# Computer Password Programs?



## Mike_WI (Feb 26, 2009)

*What computer password programs do people use?*

I was thinking of using Norton IS, but I'm not sure I want to be tethered to Norton forever.
I'm sure many are like me and need to rotate passwords at some frequency for work or are logged on to many sites and access from different computers (home, work, laptop, road...).

Thoughts?

Mike

-----------------------------------------
*Computer Password Programs*
*Updated: *1-19-11

1password pro
KeePass Password Safe
Norton
Roboform


----------



## dawgfan (Jul 3, 2008)

Keepass


----------



## Mike_WI (Feb 26, 2009)

*KeePass Password Safe*



dawgfan said:


> Keepass


Thanks, my brother showed me that last night, but I forgot the name.

*KeePass Password Safe*
Link



> *What is KeePass?*
> Today you need to remember many passwords. You need a password for the Windows network logon, your e-mail account, your website's FTP password, online passwords (like website member account), etc. etc. etc. The list is endless. Also, you should use different passwords for each account. Because if you use only one password everywhere and someone gets this password you have a problem... A serious problem. The thief would have access to your e-mail account, website, etc. Unimaginable.
> 
> KeePass is a free open source password manager, which helps you to manage your passwords in a secure way. You can put all your passwords in one database, which is locked with one master key or a key file. So you only have to remember one single master password or select the key file to unlock the whole database. The databases are encrypted using the best and most secure encryption algorithms currently known (AES and Twofish). For more information, see the features page.
> ...


----------



## dawgfan (Jul 3, 2008)

The Security Manager where I work told me about it. It's considered top notch in the field.


----------



## Mike_WI (Feb 26, 2009)

dawgfan said:


> The Security Manager where I work told me about it. It's considered top notch in the field.


Do you use any of the plugins?

Mike


----------



## dawgfan (Jul 3, 2008)

Nope. Wasn't even aware of them, but I'll check them out. Thanks.


----------



## Mike_WI (Feb 26, 2009)

dawgfan said:


> The Security Manager where I work told me about it. It's considered top notch in the field.


My brother is in IT and showed me this yesterday.
I'll also ask him about plugins...

Mike


----------



## Rijax (Jul 20, 2006)

Mike I have been using Roboform for years and have been very happy with it. It is very comprehensive and not difficult to use once you get used to it. If you buy a Roboform desktop pro license ($29.95), you get all upgrades free and will never have to pay again. if you wish to use the Roboform everywhere version (storing your passwords online) it will cost $9.95 per year.

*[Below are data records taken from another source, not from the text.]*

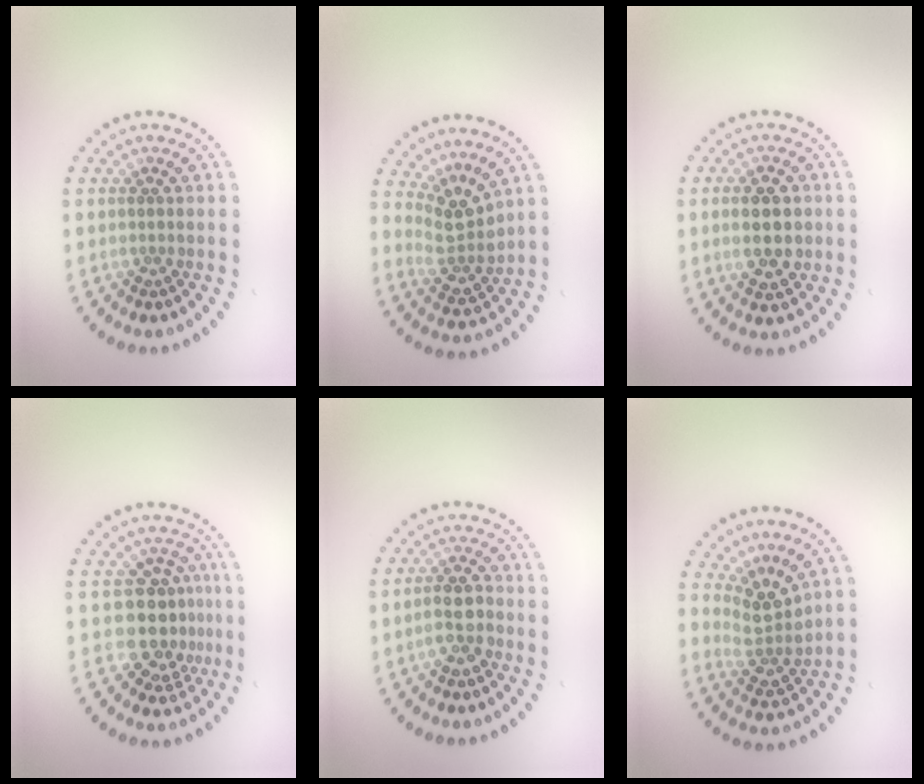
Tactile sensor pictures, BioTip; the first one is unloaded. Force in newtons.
{"total": 3.2, "press": 2.3, "slide": 2.2}
{"total": 5.1, "press": 5.0, "slide": 0.2}
{"total": 4.3, "press": 3.6, "slide": 2.3}
{"total": 2.6, "press": 2.4, "slide": 0.9}
{"total": 3.1, "press": 2.3, "slide": 2.1}
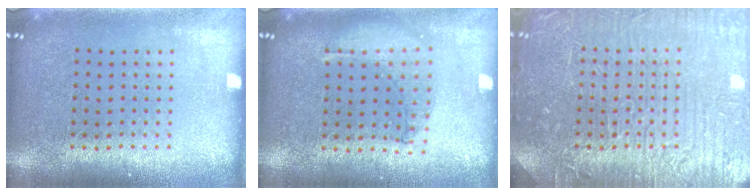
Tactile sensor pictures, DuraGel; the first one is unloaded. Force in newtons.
{"total": 1.0, "press": 1.0, "slide": 0.3}
{"total": 7.8, "press": 7.7, "slide": 1.0}
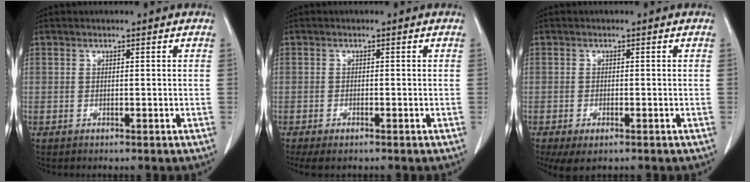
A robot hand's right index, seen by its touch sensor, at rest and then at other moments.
{"total": 2.9, "force": [-2.1, 0.8, 1.8], "torque": [-0.032, -0.007, -0.031]}
{"total": 3.9, "force": [-2.3, 1.4, 2.8], "torque": [-0.050, -0.009, -0.033]}
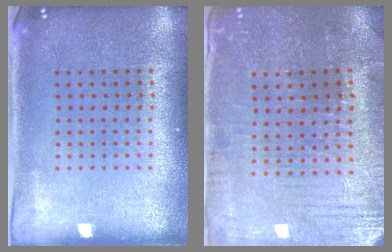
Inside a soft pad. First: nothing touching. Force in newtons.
{"total": 0.9, "press": 0.8, "slide": 0.4}
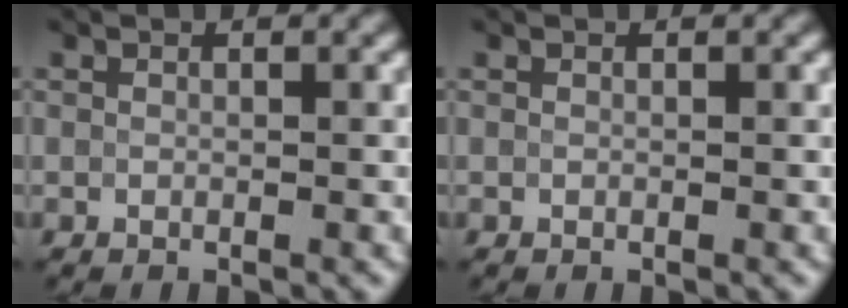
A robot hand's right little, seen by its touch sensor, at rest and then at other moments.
{"total": 0.0}
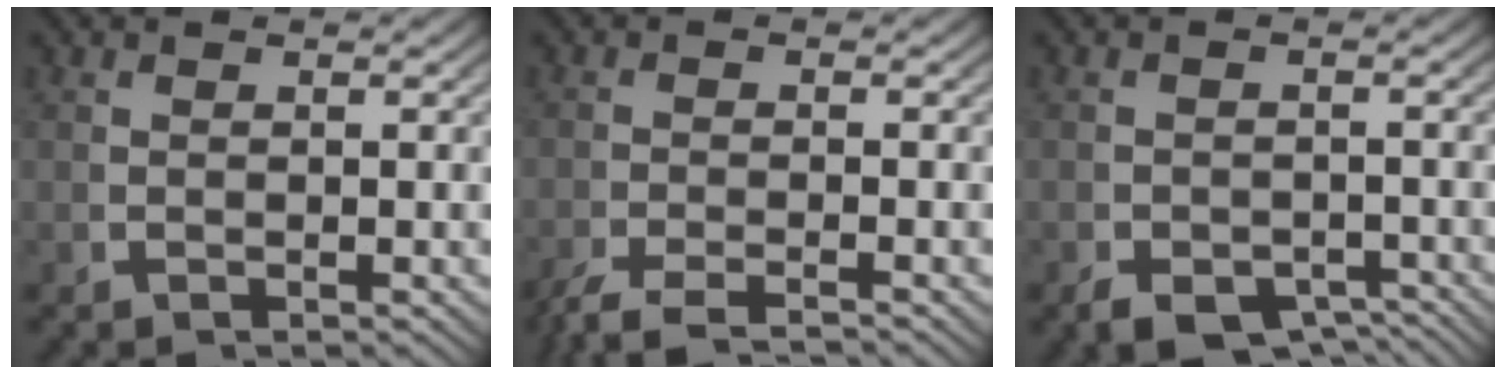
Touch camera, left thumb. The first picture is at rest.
{"total": 3.8, "force": [-3.4, 1.1, 1.4], "torque": [-0.032, -0.016, -0.053]}
{"total": 5.2, "force": [-3.6, 3.0, 2.5], "torque": [-0.036, -0.030, -0.048]}

Whenever I go to a site which requires a password, Roboform pops up and with one click I can fill the username, password and submit. I has a password generator which I find very helpful for creating very secure passwords.


----------



## TWISM (May 13, 2009)

I used 1password pro. It syncs to my Mac, iPhone, iPad. Been great for me.


----------



## Mike_WI (Feb 26, 2009)

*1password pro*



TWISM said:


> I used 1password pro.
> It syncs to my Mac, iPhone, iPad. Been great for me.


Thanks.
I added to the post #1 list:
1password pro
KeePass Password Safe
Norton
Roboform


Mike


----------



## gwilks98 (May 3, 2008)

I use Keepass.


----------



## phillihp23 (Mar 14, 2012)

I use Norton.


----------



## iconrl (Jul 30, 2010)

Does anyone use LastPass? It looks pretty good too.


----------



## pharoah (Jul 21, 2012)

i have never cared for such programs myself.i see them as a security risk.you should make passwords long.something like your moms name,and one of your kids birth dates.something easy for you to remember,but long.also should contain numbers and letter.


----------



## epereira (May 12, 2008)

I use RoboForm on all my PCs (it has a wireless sycn function that allows change to sync with all computers). On my Mac, I have used 1Password in the past but now have migrate to RoboForm (which was recently released for the Mac). The Mac version is not as robust as the PC version but works well for basic use.


----------



## andy_c (Aug 8, 2006)

I first read this thread a few weeks ago and am really glad I did! I've been using a program called 4UOnly, which is a freeware that was originally provided by a company whose name I can't recall at the moment. I went looking for updates, and found that it is now being distributed by some outfit that appears somewhat questionable, attaching AdWare to the download. And it's the same version I previously had, so it looks like development has been discontinued. Of course, I don't recommend using it.

After reading about KeePass, I downloaded it and it is really good! I went through the tedious process of transferring over my many passwords from 4UOnly to KeePass, so I'm all set up with KeePass now.

Oh, and just an anecdote in case you decide to use the same password at many sites. I am a member of another online forum where I mostly read about security and telecom issues. About a year ago, I received an email from them stating that their site had been hacked and that my password had been compromised.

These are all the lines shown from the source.